# To do
The answer must reproduce every record exactly, with all pictures omitted.

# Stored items
══════════
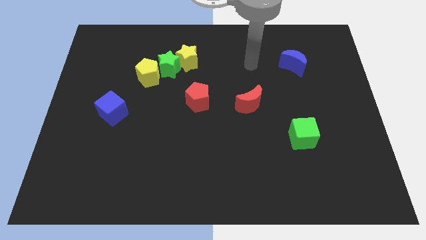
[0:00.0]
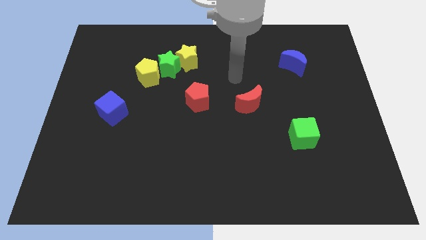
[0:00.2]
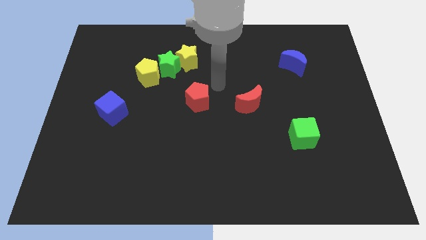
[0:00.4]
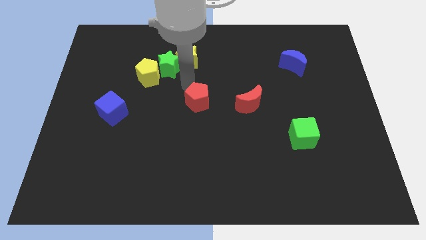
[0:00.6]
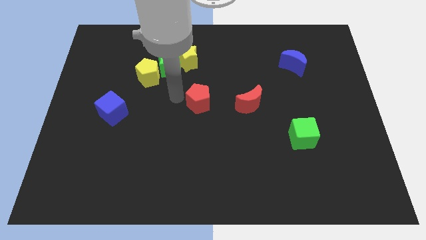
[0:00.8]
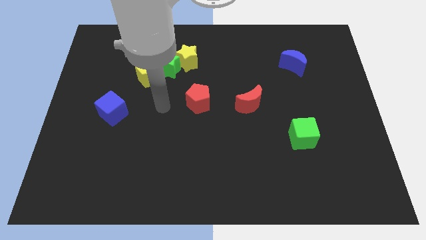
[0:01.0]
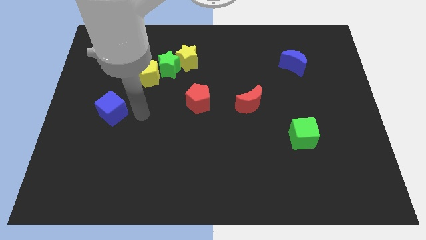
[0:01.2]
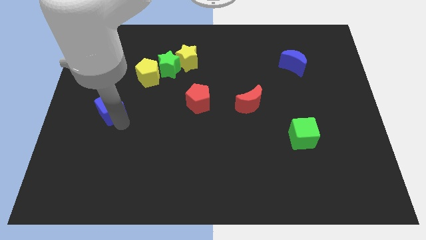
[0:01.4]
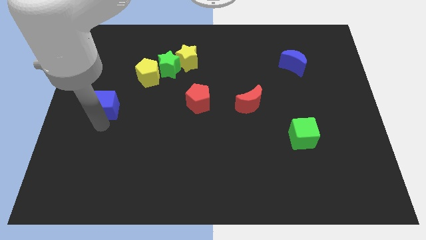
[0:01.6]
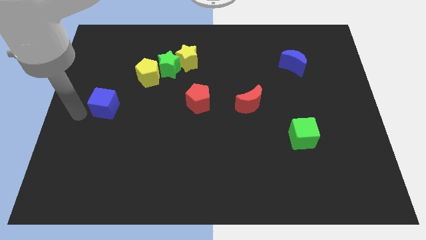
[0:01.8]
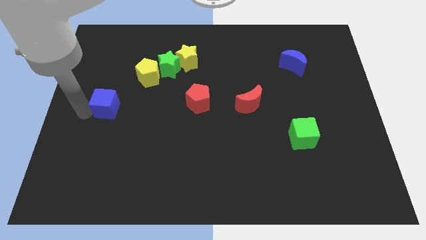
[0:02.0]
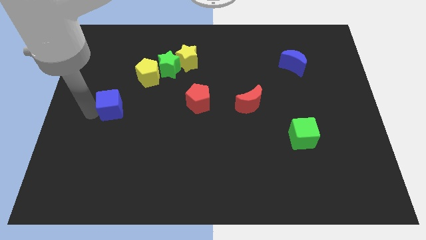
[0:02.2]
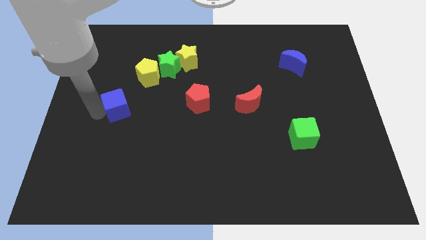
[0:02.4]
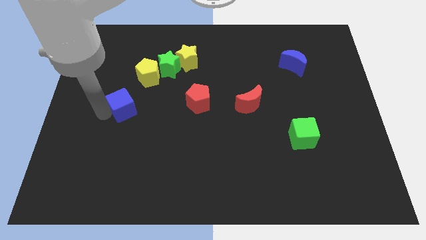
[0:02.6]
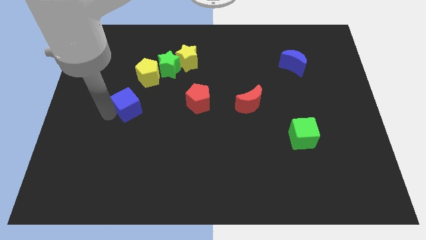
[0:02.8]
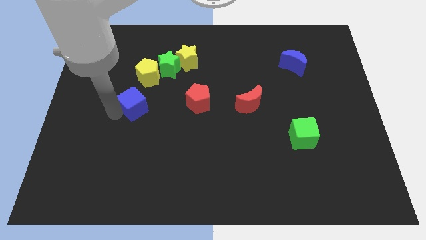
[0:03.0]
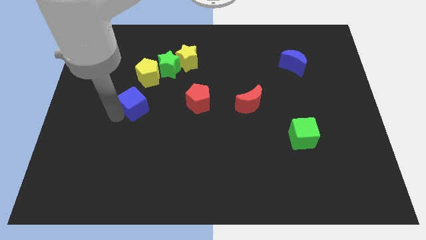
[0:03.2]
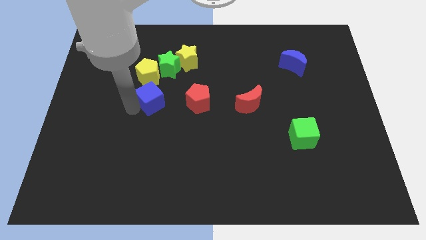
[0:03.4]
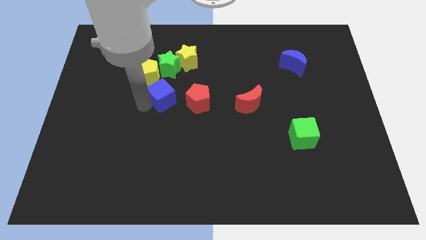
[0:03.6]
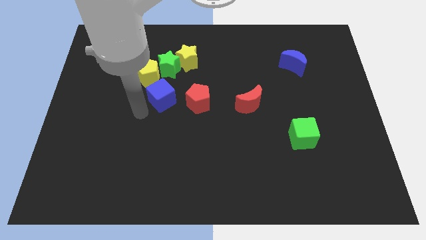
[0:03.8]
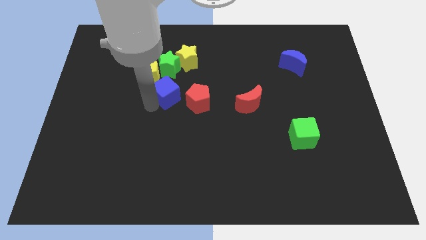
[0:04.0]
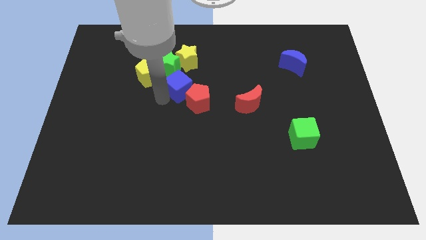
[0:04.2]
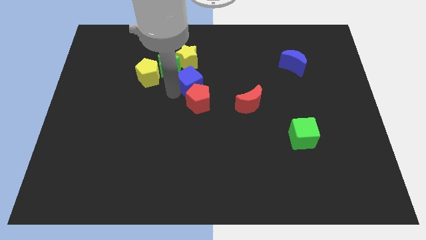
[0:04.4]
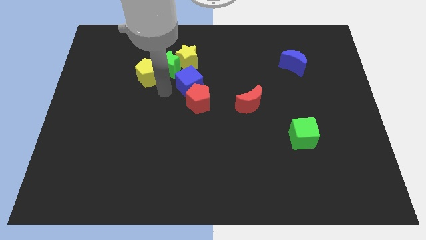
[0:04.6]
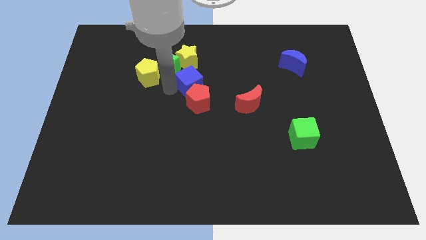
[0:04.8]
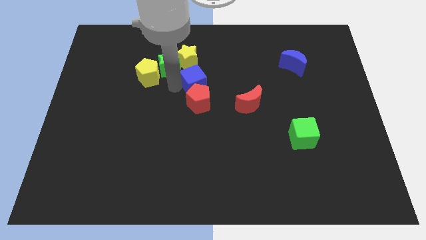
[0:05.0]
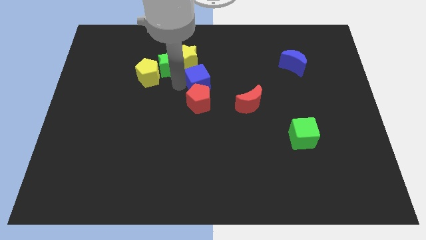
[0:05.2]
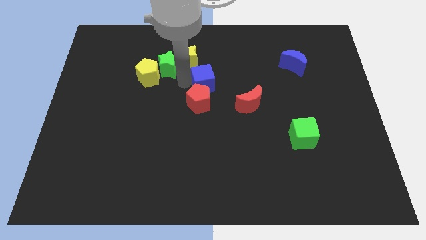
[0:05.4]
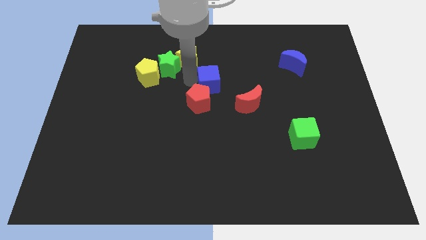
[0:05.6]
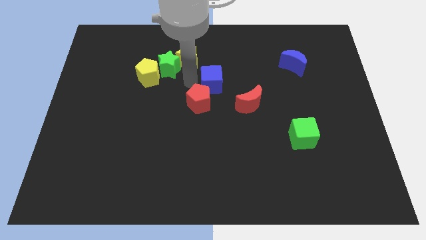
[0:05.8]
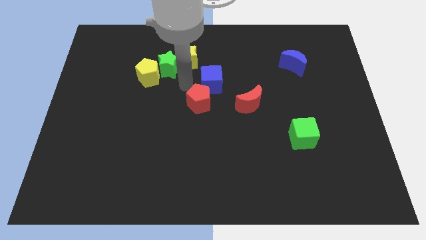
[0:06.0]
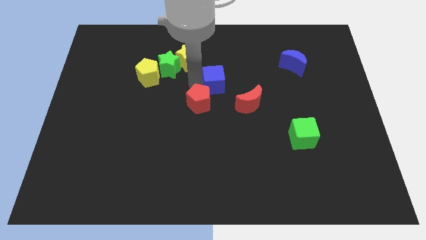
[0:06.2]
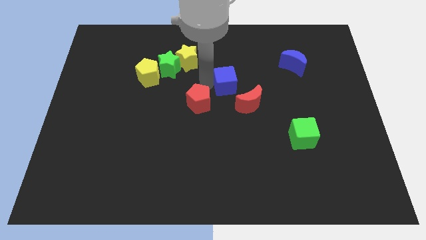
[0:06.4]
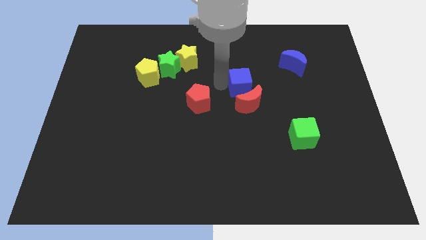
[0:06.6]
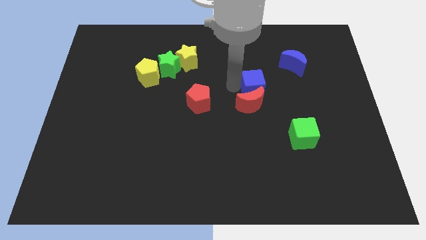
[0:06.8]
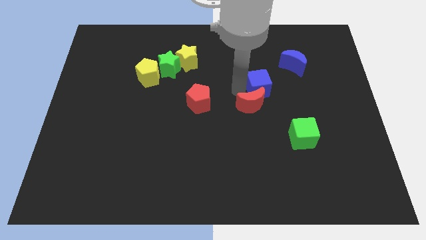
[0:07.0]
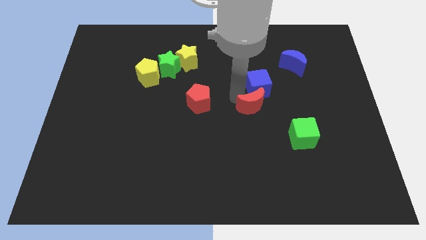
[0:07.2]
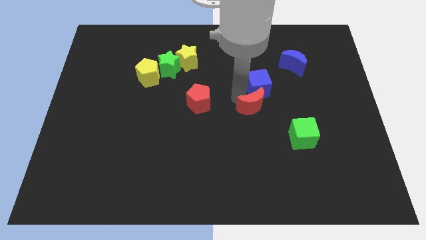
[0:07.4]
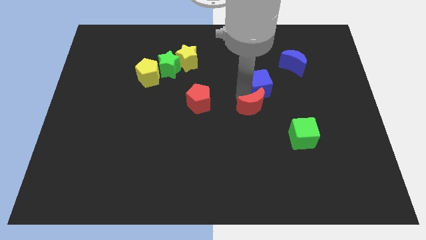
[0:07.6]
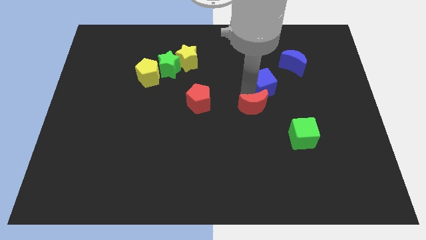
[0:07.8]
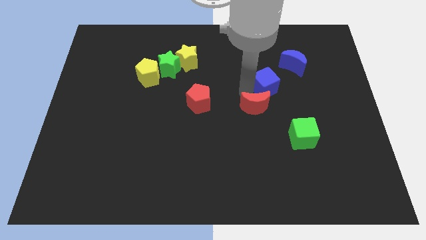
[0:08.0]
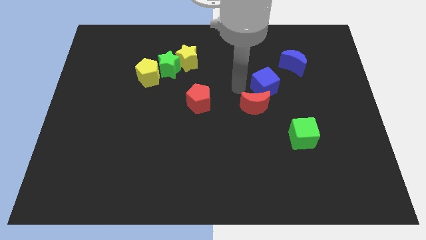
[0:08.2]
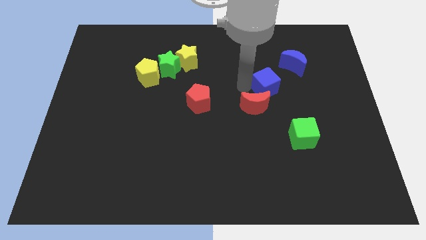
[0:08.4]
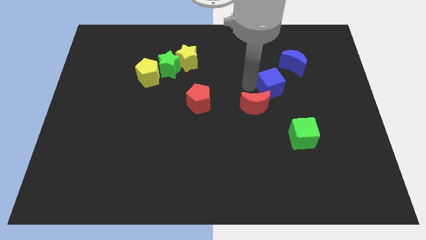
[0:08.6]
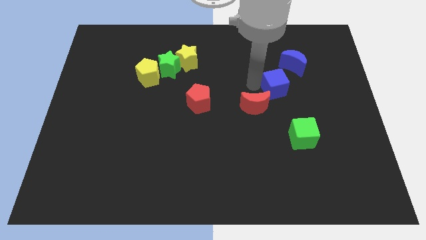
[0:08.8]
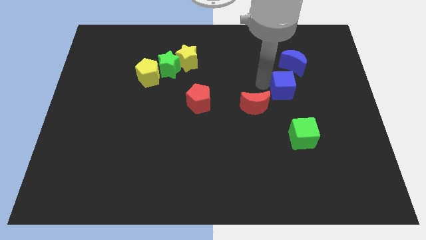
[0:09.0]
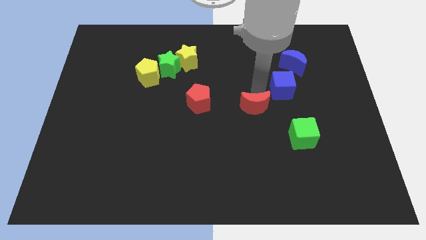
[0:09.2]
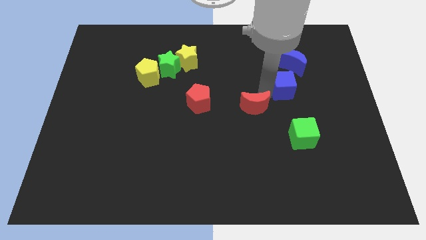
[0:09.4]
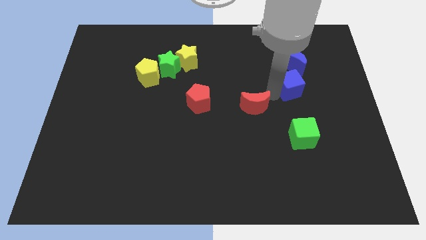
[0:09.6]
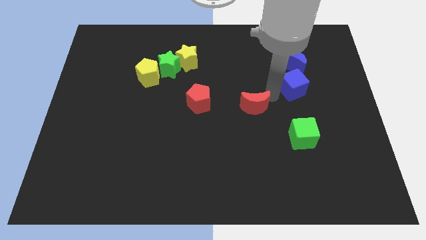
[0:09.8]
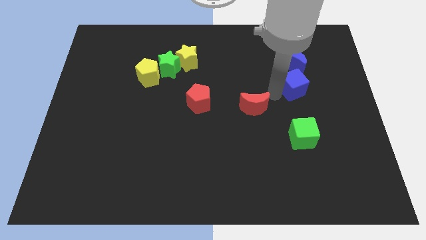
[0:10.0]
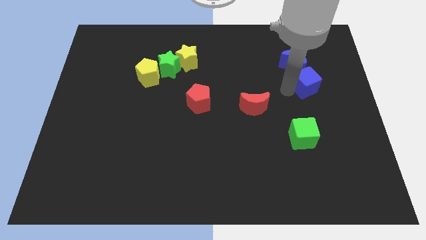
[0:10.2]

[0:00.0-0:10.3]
push the blue cube diagonally down and to the right of the blue moon
══════════
# Answer below
[0:00.0]
[0:00.2]
[0:00.4]
[0:00.6]
[0:00.8]
[0:01.0]
[0:01.2]
[0:01.4]
[0:01.6]
[0:01.8]
[0:02.0]
[0:02.2]
[0:02.4]
[0:02.6]
[0:02.8]
[0:03.0]
[0:03.2]
[0:03.4]
[0:03.6]
[0:03.8]
[0:04.0]
[0:04.2]
[0:04.4]
[0:04.6]
[0:04.8]
[0:05.0]
[0:05.2]
[0:05.4]
[0:05.6]
[0:05.8]
[0:06.0]
[0:06.2]
[0:06.4]
[0:06.6]
[0:06.8]
[0:07.0]
[0:07.2]
[0:07.4]
[0:07.6]
[0:07.8]
[0:08.0]
[0:08.2]
[0:08.4]
[0:08.6]
[0:08.8]
[0:09.0]
[0:09.2]
[0:09.4]
[0:09.6]
[0:09.8]
[0:10.0]
[0:10.2]

[0:00.0-0:10.3]
push the blue cube diagonally down and to the right of the blue moon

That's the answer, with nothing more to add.